ANSWER The series $\sum_{n=1}^{\infty}\frac{{3\cdot \left (-1 \right )}^{n-1}}{5n-2}$ is conditionally convergent .

EXPLANATION.

First we check absolute convergence . $\sum_{n=1}^{\infty}\ \left | \frac{{3\cdot \left (-1 \right )}^{n-1}}{5n-2} \right |=\sum_{n=1}^{\infty}\frac {3 }{5n-2}$ . Let $a _{n}=\frac{3}{5n-2}.$

$\lim_{n \rightarrow\infty}\frac{\frac{3}{5n-2}}{\frac{1}{n}}=\lim_{n \rightarrow\infty}\frac{3n}{5n-2}=\lim_{n \rightarrow\infty}\frac{3 }{5 -\frac{2}{n}}=\frac{3}{5}$ . Since $\lim_{n \rightarrow\infty}\frac {a_{n}} {\frac{1}{n}}=\frac{3}{5}>0$ and the series $\sum_{n=1}^{\infty}\frac{1}{n}$ diverges ,then by the Limit Comparison Test $\sum_{n=1}^{\infty}\frac {3 }{5n-2}$ diverges. Therefore , the series does not converge absolutely.
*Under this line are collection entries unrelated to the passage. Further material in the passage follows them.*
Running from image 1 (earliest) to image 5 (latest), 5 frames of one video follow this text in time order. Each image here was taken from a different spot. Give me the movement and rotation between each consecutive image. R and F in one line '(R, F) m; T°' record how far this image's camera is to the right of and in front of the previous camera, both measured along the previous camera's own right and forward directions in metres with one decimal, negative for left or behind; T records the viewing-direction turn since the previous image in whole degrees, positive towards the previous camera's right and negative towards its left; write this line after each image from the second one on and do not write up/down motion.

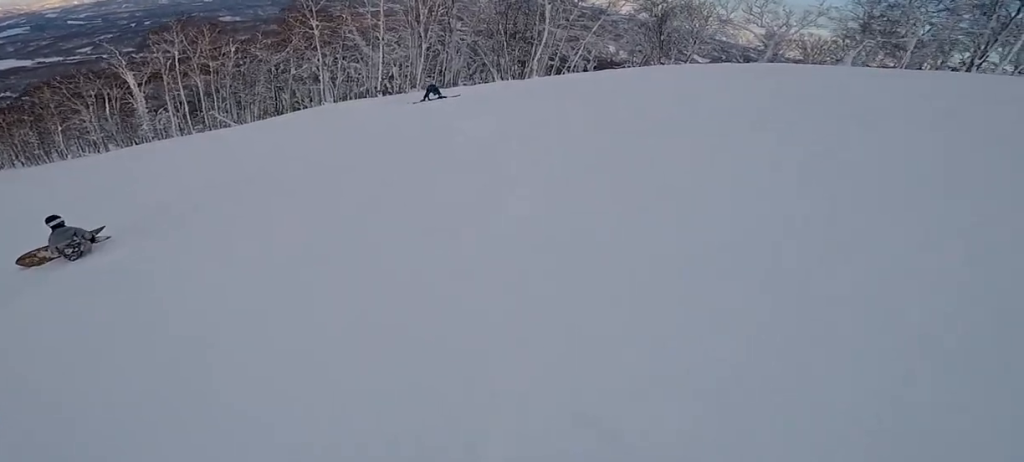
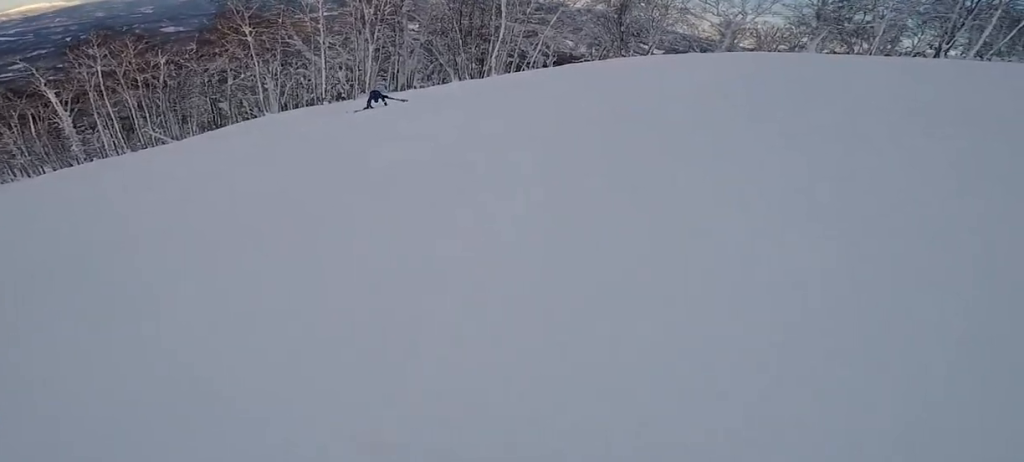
(+0.2, +2.2) m; +4°
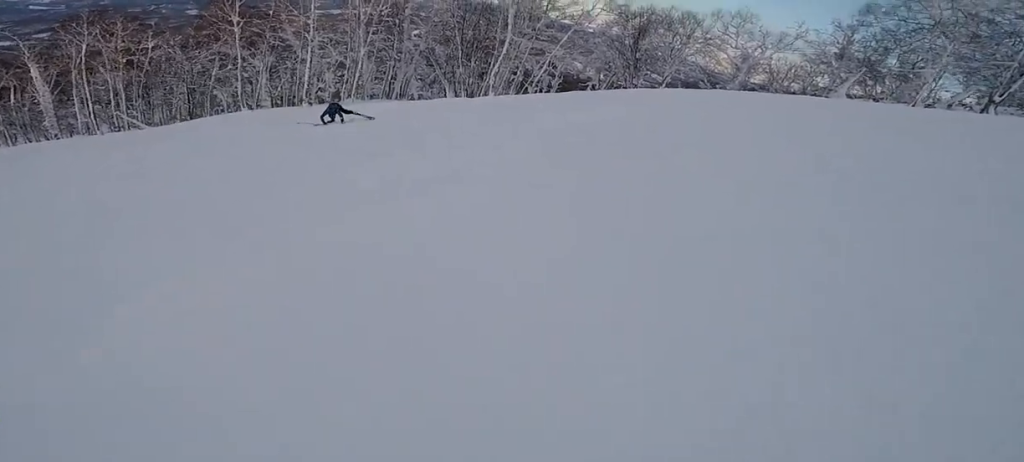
(-0.1, +4.5) m; -6°
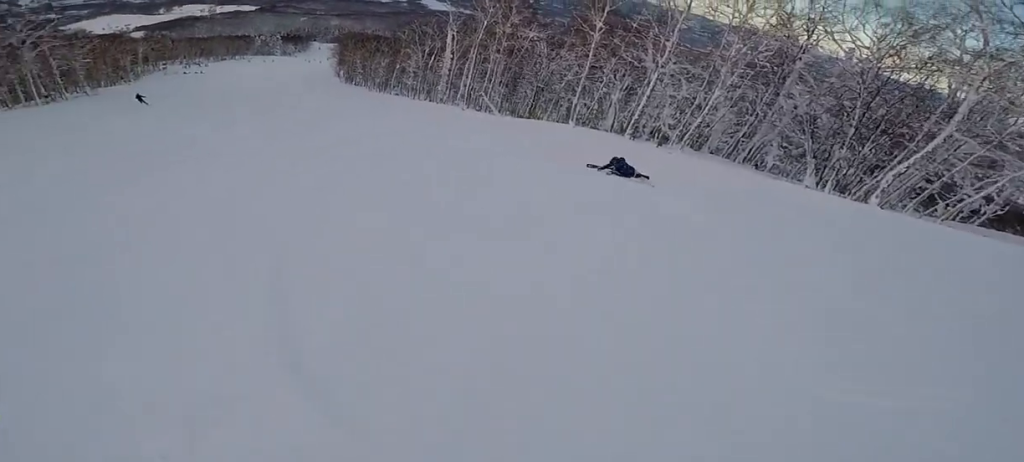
(-0.2, +6.3) m; -15°
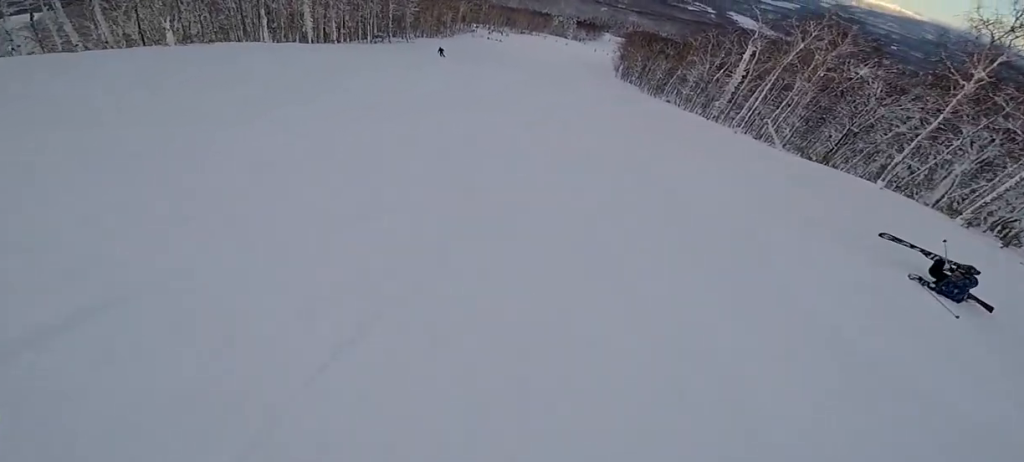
(-0.6, +3.2) m; -26°

The series $\sum_{n=1}^{\infty}\frac{{3\cdot \left (-1 \right )}^{n-1}}{5n-2}$ is alternating. Check the two conditions: $1) \lim_{n\rightarrow\infty}a_{n}=\lim_{n\rightarrow\infty}\frac{3} {5n-2}=0$ . $2)a _{n+1} \leq a_{n}$ , because $5\cdot\left ( n+1 \right ) -2 \ge 5 n-2\\$ so

$\frac{3}{5\cdot\left ( n+1 \right ) -2}\le \frac{3}{5n-2}$ .

Since the two conditions of the Alternating Series Test are satisfied , $\sum_{n=1}^{\infty}\frac{{3\cdot \left (-1 \right )}^{n-1}}{5n-2}$ is conditionally convergent by the Alternating Series Test .